Entries taken from a collection:

+===+

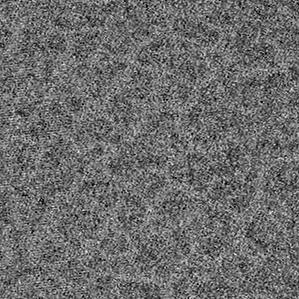
Label: frost
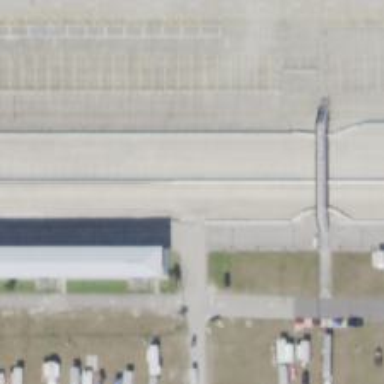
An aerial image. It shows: Motor sport raceway.
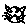
Label: cat
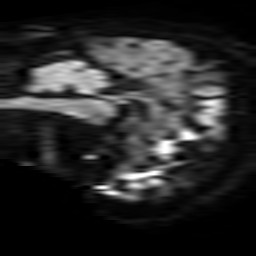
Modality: TRACE
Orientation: sagittal
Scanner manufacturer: philips
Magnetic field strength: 3 T
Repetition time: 3.8 s
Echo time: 0.06134 s
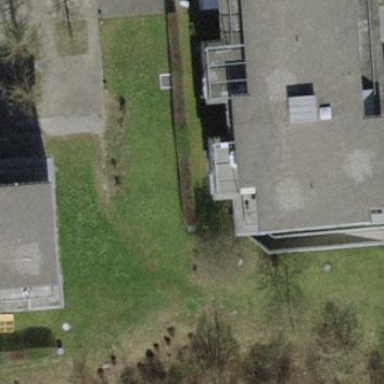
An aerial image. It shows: Flat-roofed apartment building.
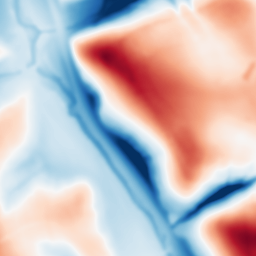
Category: multiscale
Decomposition family: dog_multiscale
Decomposition parameters: sigma_ratio: 1.6
n_scales: 6
base_sigma: 2
Upsampling method: bspline
Upsampling parameters: scale: 4
Upsampling scale: 4
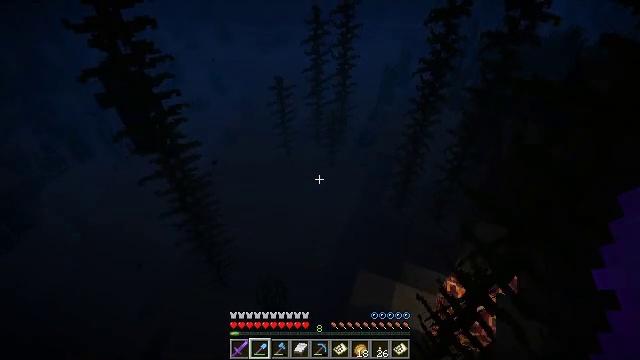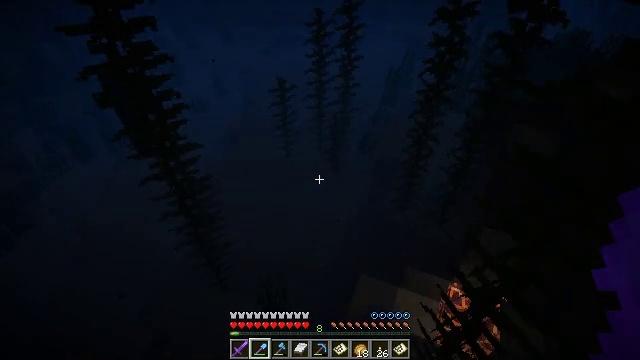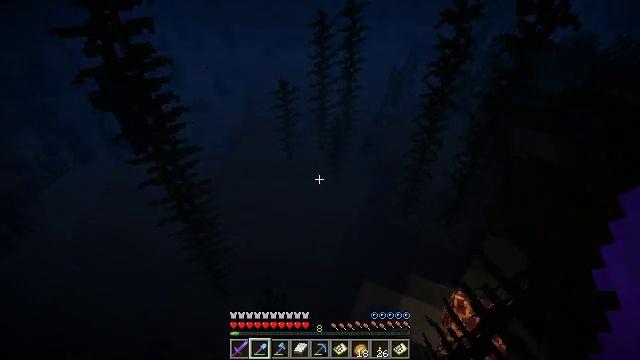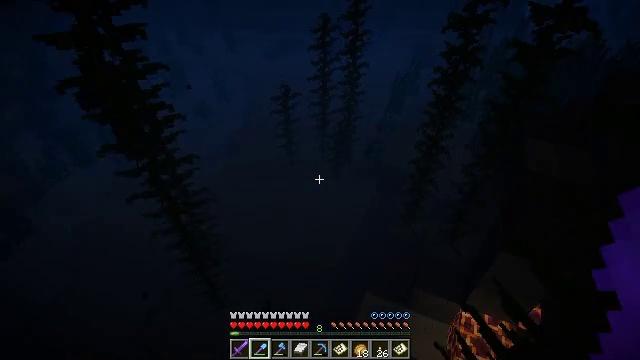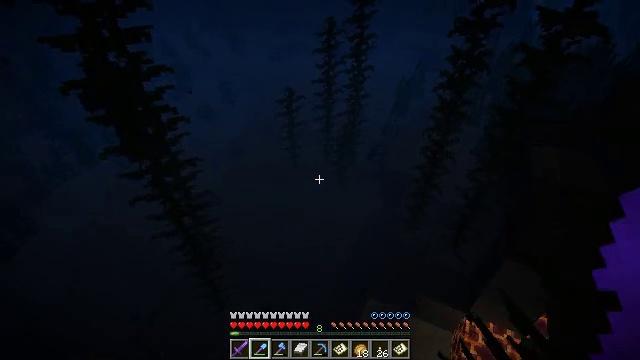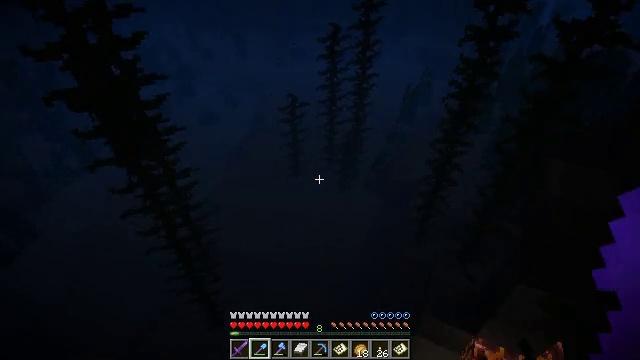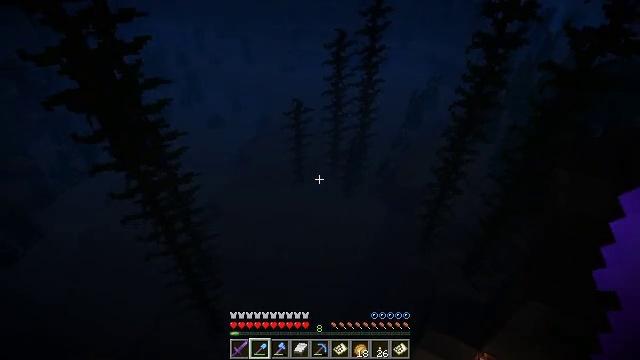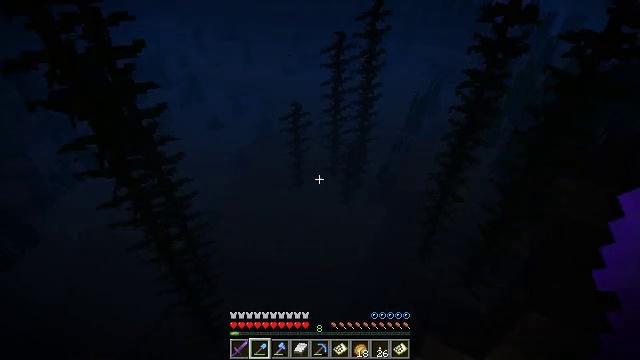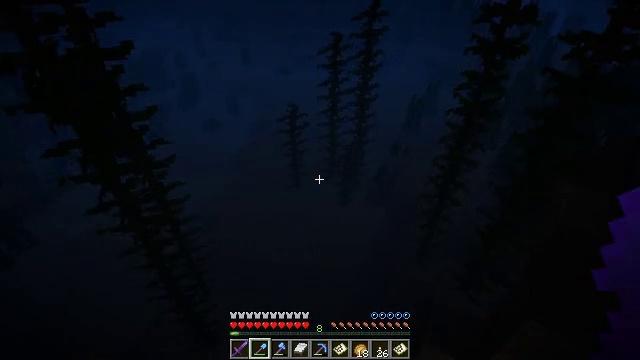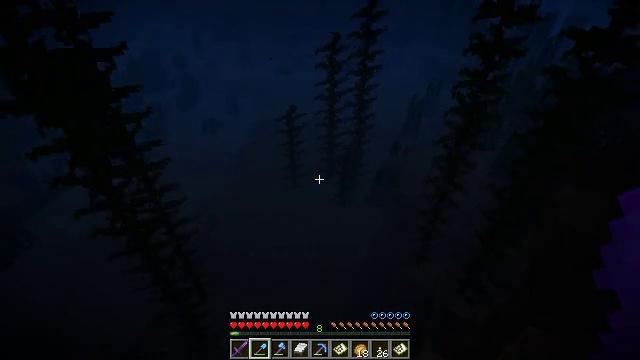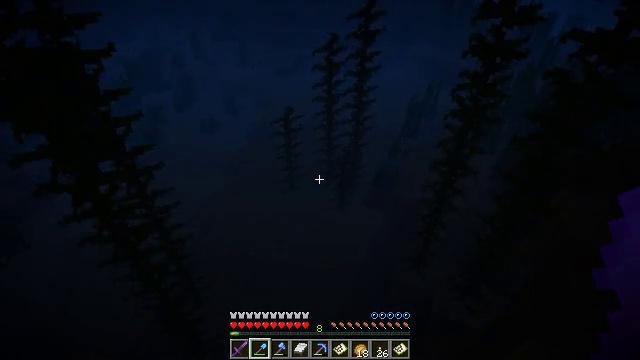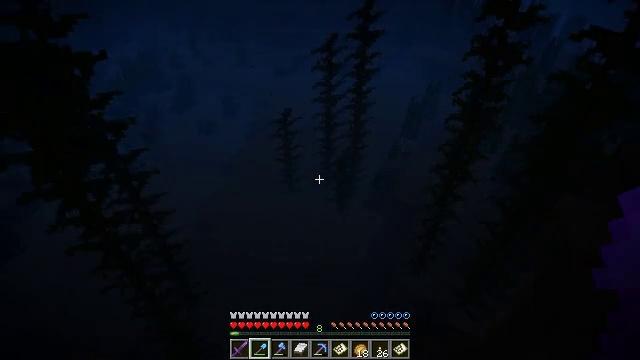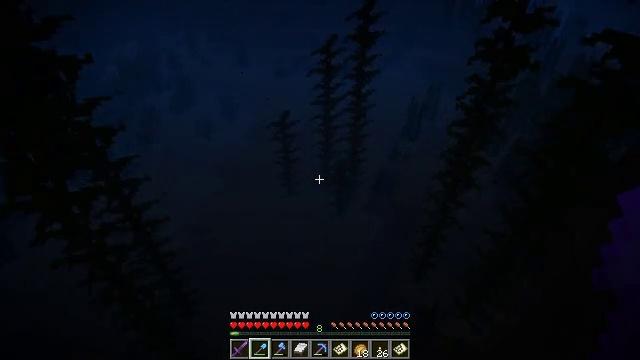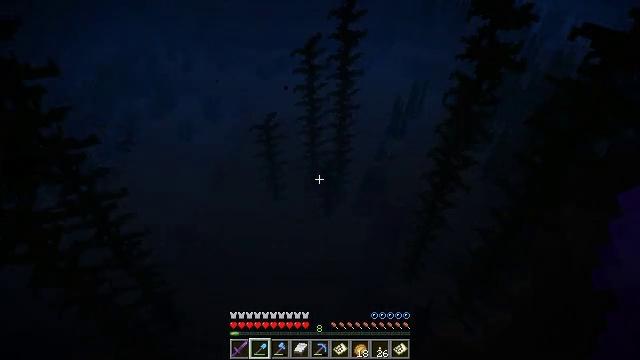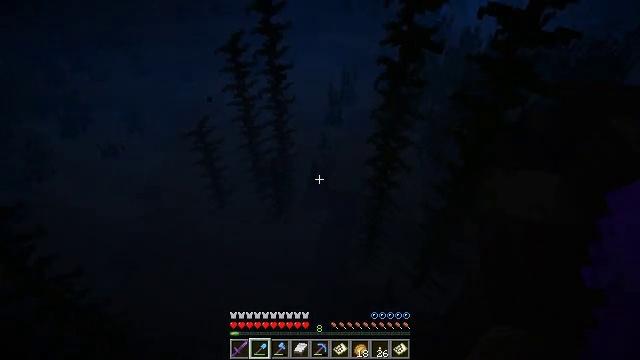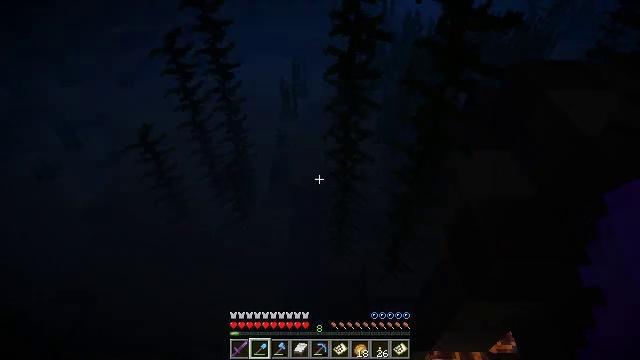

+===+

**Task description**:
Take the line containing "Orientation: sagittal" and every line after it through the end of the data, and write them out exactly, with no pictures.

**Task output**:
Orientation: sagittal
Scanner manufacturer: philips
Magnetic field strength: 3 T
Repetition time: 3.8 s
Echo time: 0.06134 s
An aerial image. It shows: Flat-roofed apartment building.
Category: multiscale
Decomposition family: dog_multiscale
Decomposition parameters: sigma_ratio: 1.6
n_scales: 6
base_sigma: 2
Upsampling method: bspline
Upsampling parameters: scale: 4
Upsampling scale: 4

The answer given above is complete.